TikTok Launches Text-to-Image Generator AI Greenscreen
Photo by DeepMind on Unsplash

TikTok Launches Text-to-Image Generator AI Greenscreen

If there wasn’t a feeding frenzy at the text-to-image, AI-powered trough after DALL-E 2 achieved viral fame, there will be now. TikTok has added an “AI greenscreen” feature in the app, which—like DALL-E 2—lets you put in a text prompt the AI then renders in image form. This adds another tool that creators can use as a video background.

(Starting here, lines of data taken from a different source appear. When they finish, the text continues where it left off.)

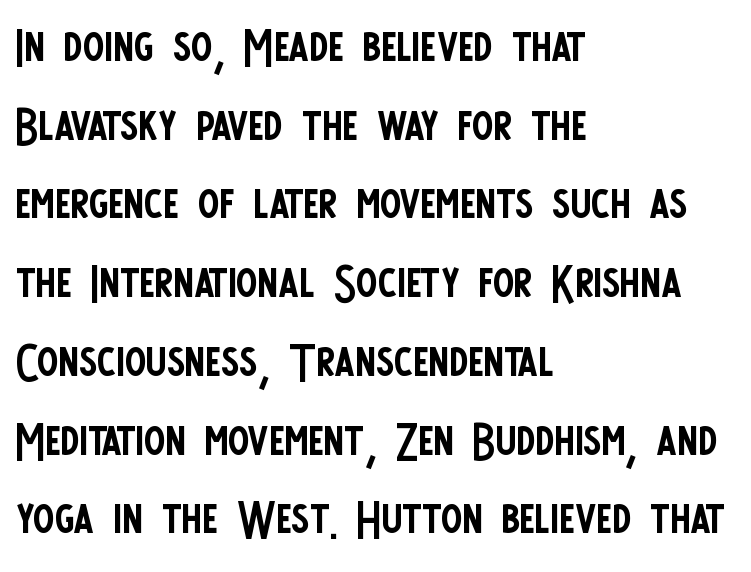
{"serif": "no", "italic": "no", "bold": "no", "weight": "regular", "width": "condensed", "stroke_contrast": "low", "x_height": "large", "monospaced": "no", "underline": "no", "align": "left", "line_spacing_ratio": 1.23, "letter_spacing": "normal", "letter_spacing_em": 0.0, "glyph_px": 64}
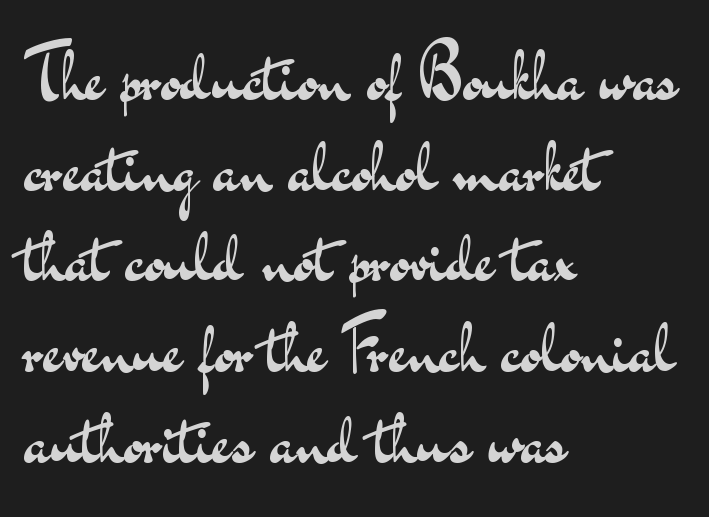
The image shows 72 px regular-weight, wide sans-serif type; set left-aligned, normal line spacing (1.26x), normal letter spacing, not underlined; medium stroke contrast and a small x-height.
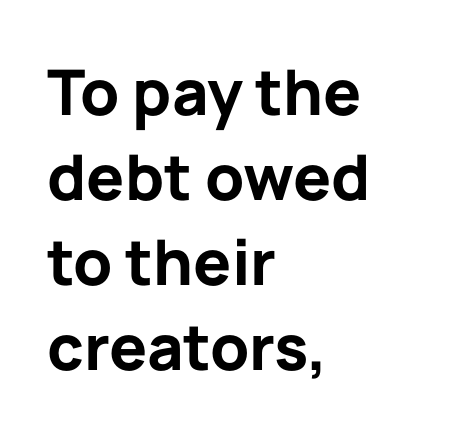
{"serif": "no", "italic": "no", "bold": "yes", "weight": "bold", "width": "normal", "stroke_contrast": "low", "x_height": "medium", "monospaced": "no", "underline": "no", "align": "left", "line_spacing": "normal", "line_spacing_ratio": 1.35, "letter_spacing": "normal", "letter_spacing_em": 0.0, "glyph_px": 63}
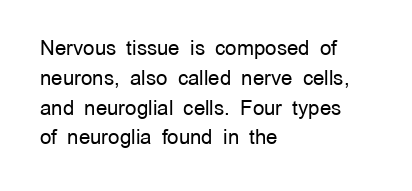
{"italic": "no", "bold": "no", "underline": "no", "align": "left", "line_spacing": "normal", "line_spacing_ratio": 1.49, "letter_spacing": "normal", "letter_spacing_em": 0.0, "glyph_px": 20}
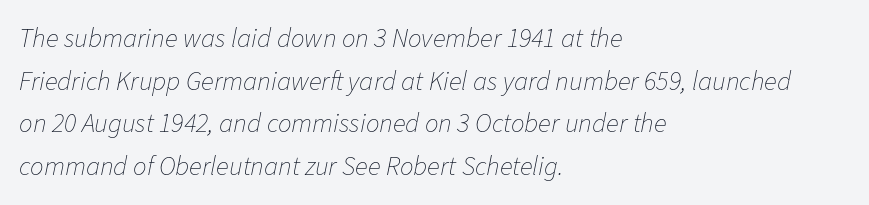
The line-height multiplier appears to be the usual default. Italic: yes, the glyphs are oblique. Stems here are at most as thick as an everyday book face. Layout note: lines flush left. Lines of text with bare space underneath. A typesetter would call this zero additional tracking.
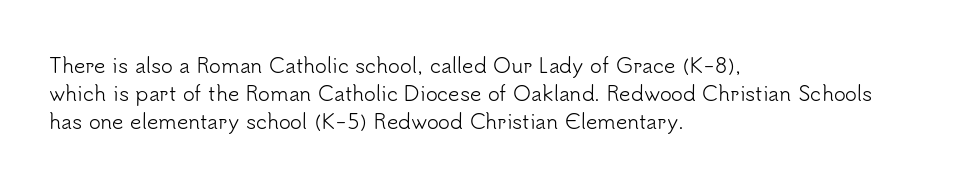
Q: Is the text bold? A: No.
Q: Is the text italic (slanted)? A: No, it is upright.
Q: Is the text underlined? A: No.
Q: How is the paragraph aligned? A: Left-aligned.
Q: Is the spacing between letters normal or unusually wide? A: Normal.
Q: Is the spacing between lines tight, normal or loose? A: Normal.
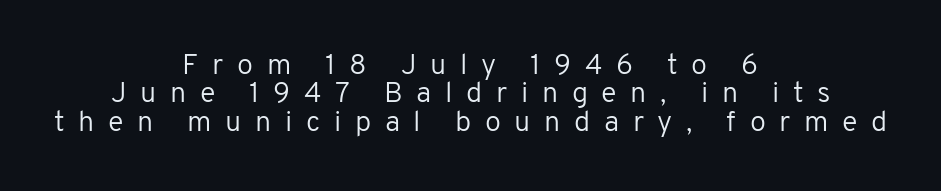
The image shows 29 px regular-weight sans-serif type, upright; set centered, tight line spacing (0.98x), unusually wide letter spacing (+0.47 em), not underlined; low stroke contrast and a medium x-height.
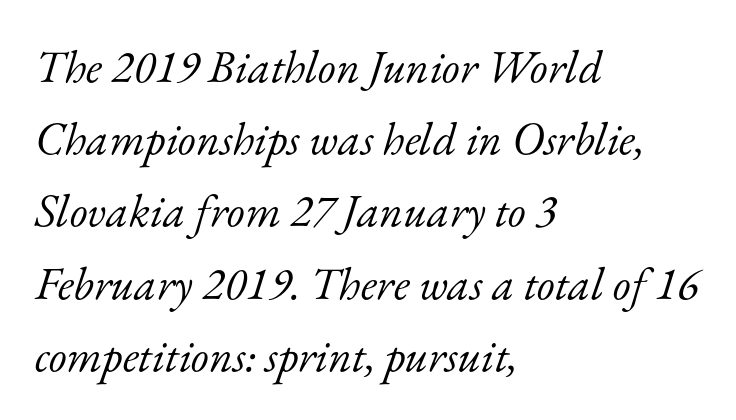
{"serif": "yes", "italic": "yes", "lean": "right", "slant_degrees": 17, "bold": "no", "weight": "light", "width": "normal", "stroke_contrast": "low", "x_height": "small", "monospaced": "no", "underline": "no", "align": "left", "line_spacing": "normal", "line_spacing_ratio": 1.57, "letter_spacing": "normal", "letter_spacing_em": 0.0, "glyph_px": 46}

It’s not a particularly sophisticated feature yet—it renders abstract, strange images like many text-to-image applications. Still, similar models like Imagen (Google) or Midjourney can render strikingly detailed creations by comparison.

The vague abstraction of AI Greenscreen images might be intentional, given the enormous amount of computing power needed to render the images on top of TikTok’s ever-increasing popularity as a social media app in general.

A series of surreal, colorful images created with TikTok's AI Greenscreen featureA series of surreal, colorful images created with TikTok's AI Greenscreen feature

As The Verge notes, the choice to make AI Greenscreen simple and surreal is a matter of corporate safety since TikTok has over a billion users. A photorealistic AI product could lead to someone producing objectionable, offensive and legally actionable content.

However limited the tool may be compared to established AI art projects, TikTok’s adoption of AI Greenscreen marks a significant step forward for text-to-art from something that’s still a tech novelty to more mainstream usage. In addition to notable projects like DALL-E 2 or the related app Craiyon (formerly DALL-E mini), there are numerous similar projects in the works, such as Bitcoin podcaster and Tokenly founder Adam B. Levine’s Pixelmind. Still in beta, it is described as “A generative art experiment” and produces notably interesting and precisely-rendered art that easily could have come from a human hand.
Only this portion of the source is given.